Arap Birliği (AL), Suudi Arabistan’ın başkenti Riyad’ın ev sahipliğinde düzenlenen olağanüstü ortak Arap-İslam zirvesinde alınan kararların uygulanması için harekete geçti. AL Genel Sekreteri Sözcüsü Danışman Cemal Rüşdi, zirvede alınan kararların Arap Birliği Genel Sekreterliği ve İslami Eylem Örgütü’nün derhal uygulamaya koyacağı bir rehber ve eylem planı olduğunu belirtti.

Rüşdi, Şarku’l Avsat’a yaptığı açıklamada “Yürütme direktiflerini içeren kararların, ister Genel Sekreterlik’teki ilgili kurumlar aracılığıyla, isterse de her direktifin gereği olarak yurtdışındaki Arap büyükelçileri ile koordinasyon halinde olsun uygulamaya konulması için çalışmalar sürüyor” dedi.

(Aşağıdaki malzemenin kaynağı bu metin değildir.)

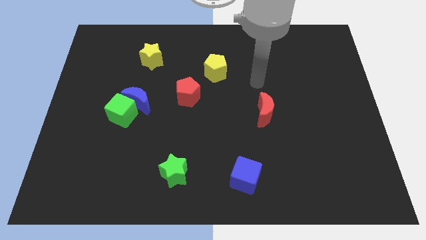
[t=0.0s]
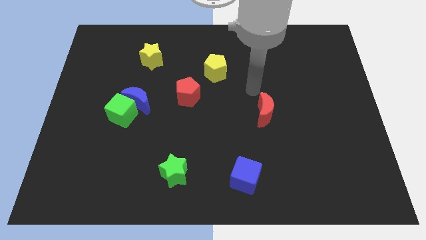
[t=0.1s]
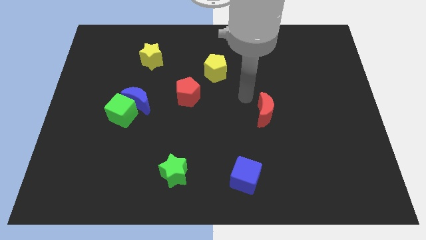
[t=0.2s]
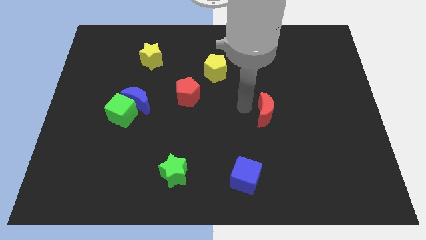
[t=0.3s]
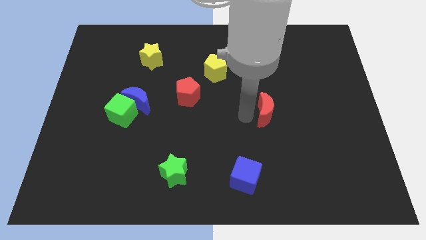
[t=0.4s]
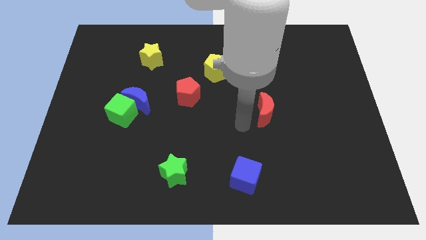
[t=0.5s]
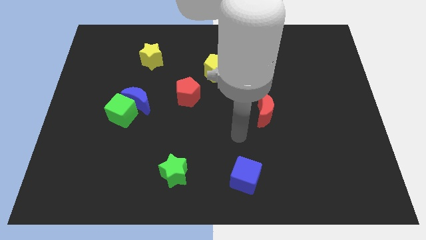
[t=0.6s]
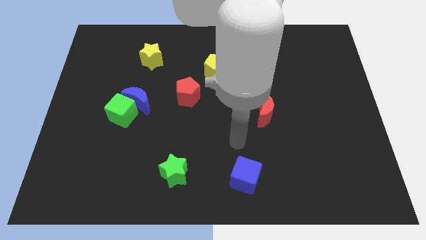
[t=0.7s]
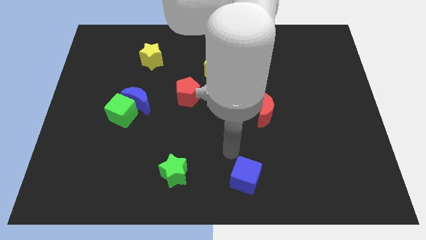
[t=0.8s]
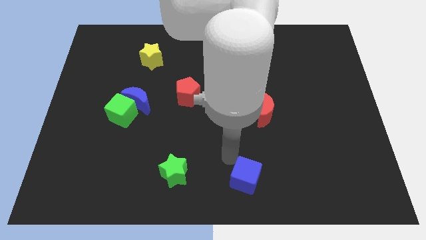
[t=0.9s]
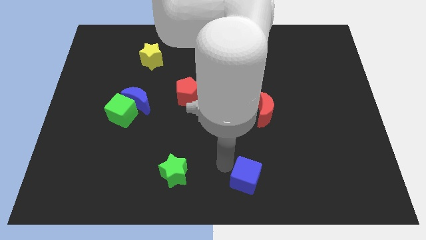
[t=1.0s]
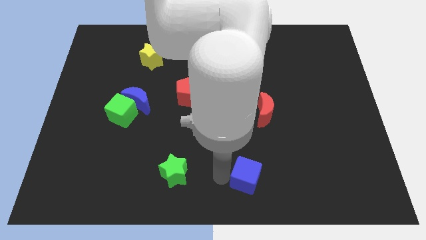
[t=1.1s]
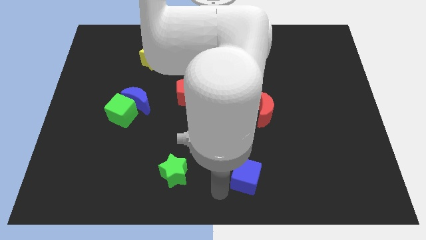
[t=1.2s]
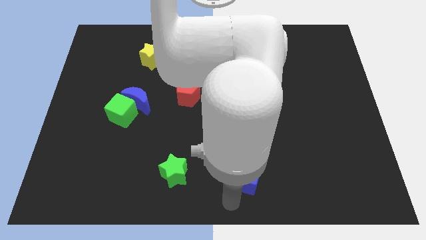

“Zirvede alınan bazı kararlar, zirveye katılan ülkeler arasında koordinasyonu ve özellikle ablukanın kırılması ve Gazze Şeridi’ndeki kardeşlere yardım sağlanmasına yönelik prosedürler konusunda bir eylem planının geliştirilmesini gerektiriyor” diyen Rüşdi, “Halihazırda bu yolda hareketler var ama bu harekete dahil olan ülkelerin daha fazla koordinasyona ve desteğe ihtiyacı var” şeklinde konuştu.

Cemal Rüşdi ayrıca, “Şu anda, İsrail suçlarının izlenmesi ve işgalci İsrail yetkilileri tarafından Filistin topraklarında işlenen savaş suçlarının yasal olarak belgelenmesi gibi Genel Sekreterlik kurumlarının sahip olduğu yetenek ve kabiliyetlerin hayata geçirilmesi için kullanılabilecek bazı kararların derhal uygulamaya konulması yönünde bir çalışma yürütüyoruz” açıklamasında bulundu.

Kuşatmayı kırmak

Arap-İslam Zirvesi, Gazze’deki ablukanın kırılması ve gıda, ilaç ve yakıt taşıyan Arap, İslam ve uluslararası insani yardım konvoylarının Gazze Şeridi’ne derhal girişini zorunlu kılma ve uluslararası kuruluşlara bu sürece katılma çağrısı yapılması kararı almıştı. Zirve kararları arasında, Uluslararası Ceza Mahkemesi Savcısı’nın, İsrail’in Doğu Kudüs de dahil olmak üzere işgal altındaki tüm Filistin topraklarında Filistin halkına karşı işlediği savaş suçları ve insanlığa karşı suçlara ilişkin derhal soruşturma başlatılması yönündeki talebi de yer alıyordu.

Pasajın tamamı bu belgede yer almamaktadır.